● PROBLEM TO SOLVE: Type out the whole listing again exactly, pictures omitted.
--- SOURCE DATA Enclosed Below ---
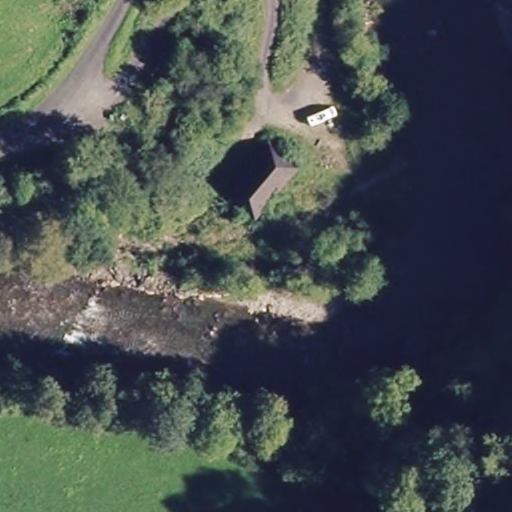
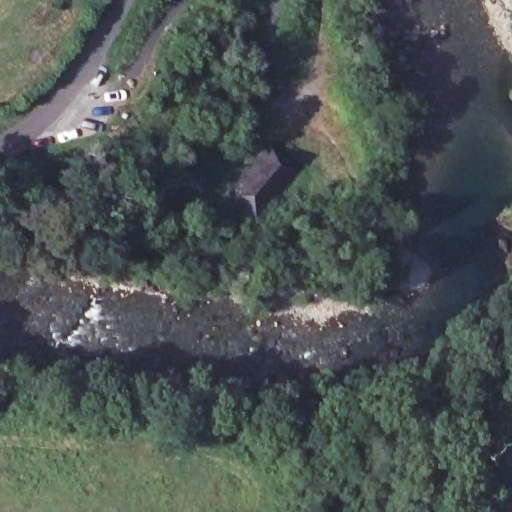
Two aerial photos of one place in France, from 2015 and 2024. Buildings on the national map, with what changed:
unchanged [(278,140),(310,169),(265,219),(231,194),(262,153),(278,140)]

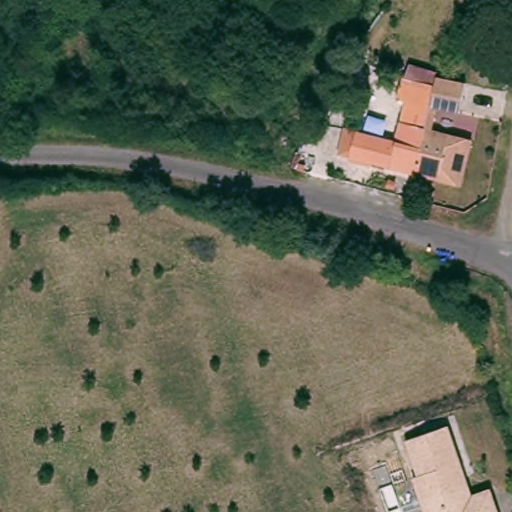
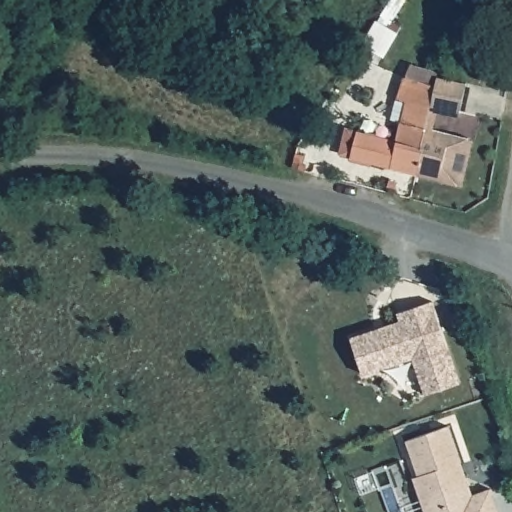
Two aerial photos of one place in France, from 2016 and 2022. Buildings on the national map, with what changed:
unchanged [(405,77),(408,65),(436,72),(433,85),(426,106),(396,98),(405,77)]
unchanged [(436,76),(466,82),(459,112),(430,106),(433,85),(436,76)]
unchanged [(342,141),(345,128),(396,140),(400,121),(425,127),(421,146),(423,147),(416,174),(350,156),(338,153),(342,141)]
unchanged [(461,185),(456,184),(416,174),(423,147),(421,146),(425,127),(432,129),(467,139),(472,140),(461,185)]
unchanged [(298,162),(306,164),(303,170),(297,169),(298,162)]
new [(382,325),(399,320),(396,312),(431,300),(459,382),(423,393),(412,357),(363,373),(350,336),(376,328),(382,325)]
unchanged [(448,425),(472,494),(490,488),(498,512),(425,512),(411,471),(416,470),(406,440),(448,425)]

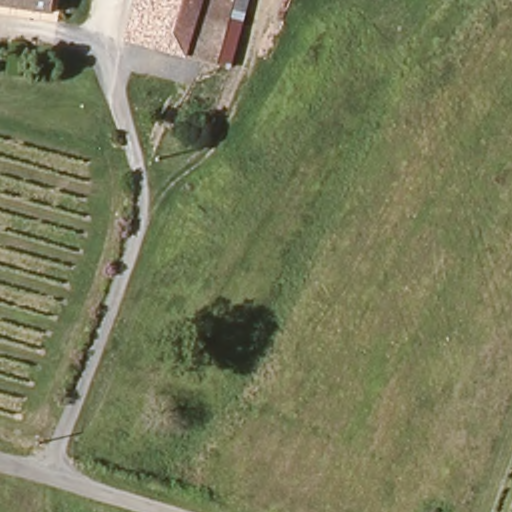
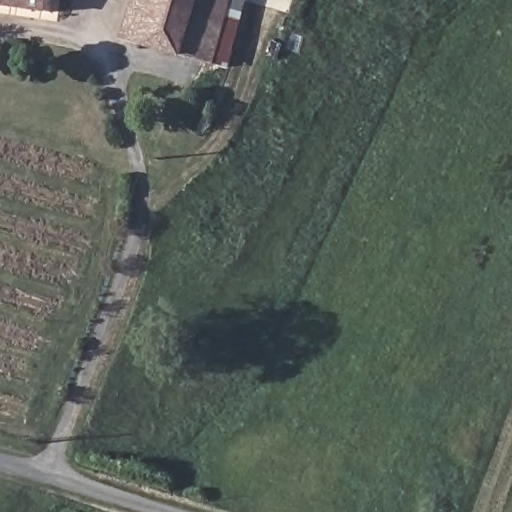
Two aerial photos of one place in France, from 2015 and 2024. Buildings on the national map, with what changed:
unchanged [(0,2),(0,0),(50,0),(47,11),(0,2)]
unchanged [(215,63),(214,65),(130,43),(140,0),(231,0),(226,16),(241,20),(230,67),(215,63)]
--- End of Enclosed SOURCE DATA ---
● OUTPUT FOR THIS TASK:
Two aerial photos of one place in France, from 2015 and 2024. Buildings on the national map, with what changed:
unchanged [(278,140),(310,169),(265,219),(231,194),(262,153),(278,140)]

Two aerial photos of one place in France, from 2016 and 2022. Buildings on the national map, with what changed:
unchanged [(405,77),(408,65),(436,72),(433,85),(426,106),(396,98),(405,77)]
unchanged [(436,76),(466,82),(459,112),(430,106),(433,85),(436,76)]
unchanged [(342,141),(345,128),(396,140),(400,121),(425,127),(421,146),(423,147),(416,174),(350,156),(338,153),(342,141)]
unchanged [(461,185),(456,184),(416,174),(423,147),(421,146),(425,127),(432,129),(467,139),(472,140),(461,185)]
unchanged [(298,162),(306,164),(303,170),(297,169),(298,162)]
new [(382,325),(399,320),(396,312),(431,300),(459,382),(423,393),(412,357),(363,373),(350,336),(376,328),(382,325)]
unchanged [(448,425),(472,494),(490,488),(498,512),(425,512),(411,471),(416,470),(406,440),(448,425)]

Two aerial photos of one place in France, from 2015 and 2024. Buildings on the national map, with what changed:
unchanged [(0,2),(0,0),(50,0),(47,11),(0,2)]
unchanged [(215,63),(214,65),(130,43),(140,0),(231,0),(226,16),(241,20),(230,67),(215,63)]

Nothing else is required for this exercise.